Consider. As bloggers, we enter a public forum of such potential scope & range that merely to contemplate the territory for a moment is to induce a sense of agoraphobia! And, having pitched our tent, we proceed to unleash data of the most subjective & revealing nature. Whether through the medium of serious & considered political, cultural or religious commentary, or via diary entries recording the implementation of our sexual predilections in anatomical detail, Self will, in the case of the half-decent writer, shine through. Which, presumably, the vast majority of bloggers intend to be the case.
It could all begin & end, of course, at the point of posting. So far the only difference between scribbling it all into a vellum-bound notebook & typing it into a Word document is the fact of having uploaded the piece to a public website.
But if we check our readership statistics, instantly we acknowledge an active consciousness of the availability of our writing to others & our interest in their interest.
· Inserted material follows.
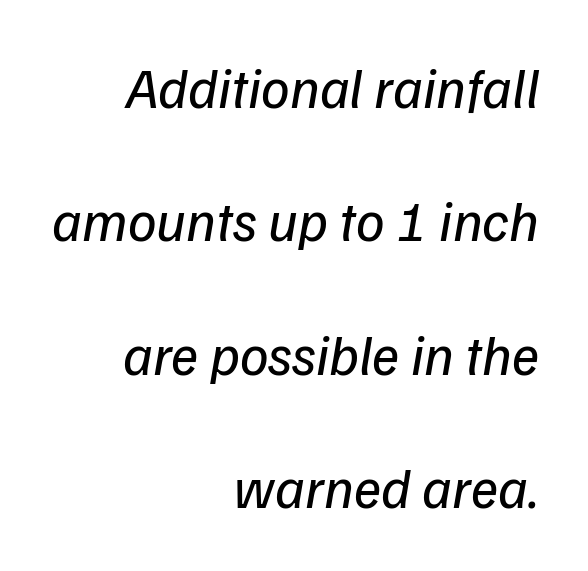
The image shows 57 px regular-weight sans-serif type; set right-aligned, loose line spacing (2.34x), normal letter spacing, not underlined; low stroke contrast and a medium x-height.
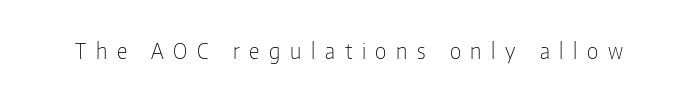
Q: Is the text bold? A: No.
Q: Is the text italic (slanted)? A: No, it is upright.
Q: Is the text underlined? A: No.
Q: Is the spacing between letters normal or unusually wide? A: Unusually wide.

And if we activate the comments box provided by our weblog host, instantly we open up the possibility of interaction with those with whom we are sharing our most sincerely held convictions, our most passionate beliefs & our deepest feelings. This sequence of actions – writing, reading responses, reacting to responses – establishes at the point of response the basic coordinates of a personal relationship.
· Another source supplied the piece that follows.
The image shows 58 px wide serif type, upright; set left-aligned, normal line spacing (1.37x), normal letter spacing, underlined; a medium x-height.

But what kind of relationship? On the surface the conditions may seem to exist for the most intimate kind of friendship. Because the data released exists in written form, framed in many cases in an attractive format, the reader may absorb it at his/her leisure, consider carefully the nature of what is being said, react favourably to the manner in which it is couched, apply the information to his/her own experience & understanding &, ultimately, empathise with the material & thus its writer.
This is a curiously seductive process of utterance & response. It bypasses most of the procedures that are customary in establishing foundations at the beginning of a relationship. The rituals of introduction that are expressed both through paralanguage, gesture & body language simply don’t take place so the two parties effectively forego the social & psychological ceremonies that are endemic to animal behaviour & which prevail with equal significance in the encounter structures dominating human introductory interaction.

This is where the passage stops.